■ **PROBLEM TO SOLVE**
Below is a listing; retype exactly the lines between the one containing "Consolidation: negative" and the one containing "WHO grade: 4", inclusive, minus the pictures.
---------- INPUT ----------
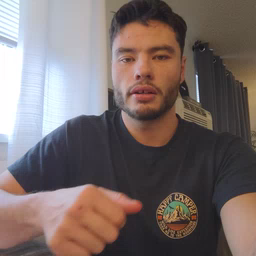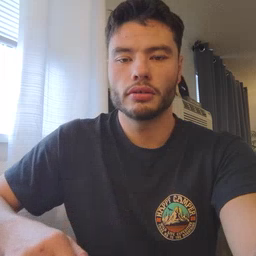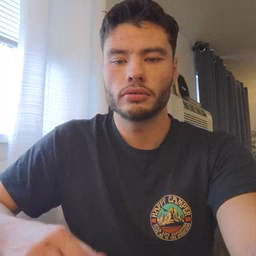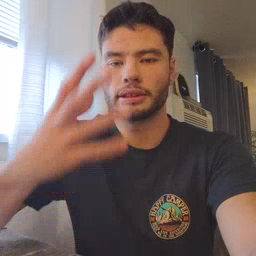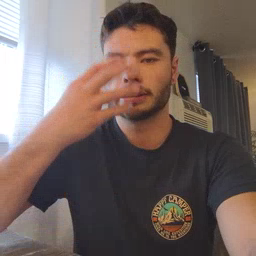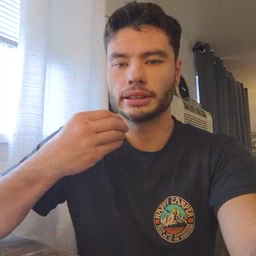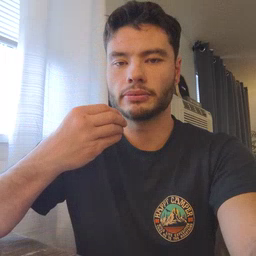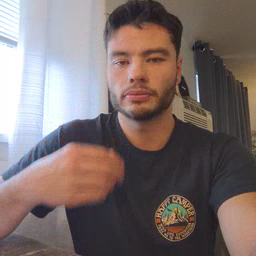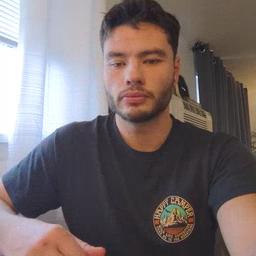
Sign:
----------
---------- INPUT ----------
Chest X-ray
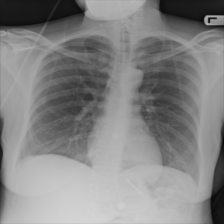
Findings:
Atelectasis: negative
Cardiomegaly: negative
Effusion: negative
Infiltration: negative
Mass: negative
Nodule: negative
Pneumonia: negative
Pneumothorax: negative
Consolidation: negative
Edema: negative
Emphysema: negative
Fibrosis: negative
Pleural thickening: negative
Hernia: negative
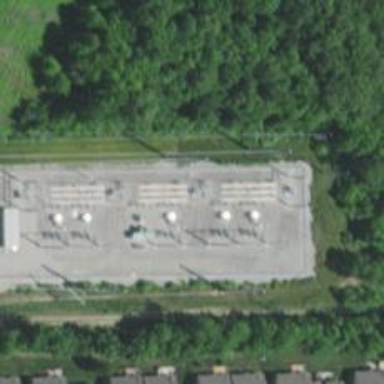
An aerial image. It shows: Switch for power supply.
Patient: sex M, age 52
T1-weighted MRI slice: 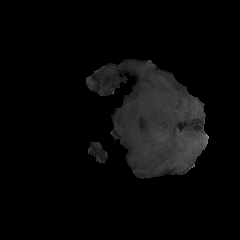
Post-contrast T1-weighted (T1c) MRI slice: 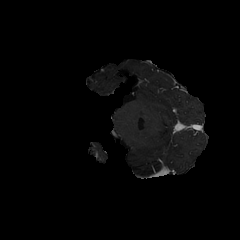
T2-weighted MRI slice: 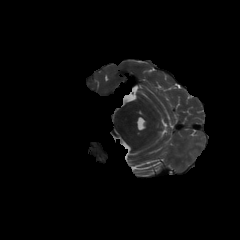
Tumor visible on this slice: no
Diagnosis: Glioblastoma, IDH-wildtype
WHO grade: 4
----------
---------- INPUT ----------
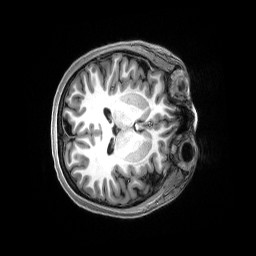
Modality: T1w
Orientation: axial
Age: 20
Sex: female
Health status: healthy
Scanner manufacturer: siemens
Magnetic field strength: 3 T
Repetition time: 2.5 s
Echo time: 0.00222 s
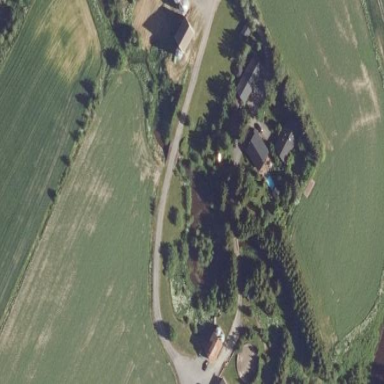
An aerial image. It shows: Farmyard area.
----------
■ **SOLUTION BELOW**
Consolidation: negative
Edema: negative
Emphysema: negative
Fibrosis: negative
Pleural thickening: negative
Hernia: negative
An aerial image. It shows: Switch for power supply.
Patient: sex M, age 52
T1-weighted MRI slice: 
Post-contrast T1-weighted (T1c) MRI slice: 
T2-weighted MRI slice: 
Tumor visible on this slice: no
Diagnosis: Glioblastoma, IDH-wildtype
WHO grade: 4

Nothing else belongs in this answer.